The whole affair began when a brick-layer burst in upon the court. Old Dame Morozko was retiring to the coast, and a quarrel instantly erupted over who would inherit the largely ceremonial position of castellan. It was an empty honor, but Anu and Grendela lived their lives for empty honors. Other dames had laid polite claims at the Duchess’ feet, but it was the wayward knights who spoke loudest and most often. The others withdrew their claims quickly, foreseeing that no honor, empty or otherwise, was worth bickering with the Corpse or the Dragon. Many were fidgeting, clearly looking to take their leave, when the doors burst open to reveal the brick-layer, an aggrieved messenger clinging to her ankle as she entered.
She claimed to have encountered a terrible, serpentine beast whilst in the woods. She let fly two or three arrows, but nothing could pierce the monster’s paisley scales. When the Duchess asked what a brick-layer was doing in the woods with a bow, she sputtered and stumbled before explaining that her neighbor had been poaching rabbits; she was merely hoping to catch the villain in the act and drag her before the Duchess for judgment. The Duchess let that go.

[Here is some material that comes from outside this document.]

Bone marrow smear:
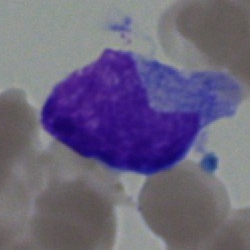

She had been ready to let the dragon go as well, but this was the fourth such report in only two months, and the squabbling knights each took it upon herself to expostulate how she might resolve the issue, were she castellan. Anu had her telltale gauntlet in hand when the Duchess stood and commanded them to hunt down the beast together, charging that they would not reenter Amosa’s walls until the paisley dragon was dead.
It was a brilliant stroke, Quill grudgingly admitted. Neither knight was likely to quit while the other still strove. They surely both knew it was nonsense, and yet neither could relent. The Duchess would be free of their bother for days, perhaps weeks. That, or one of the knights would be forced to admit defeat, which might humble her for a brief while. The fact that three squires were compelled to suffer was, presumably, mere collateral damage.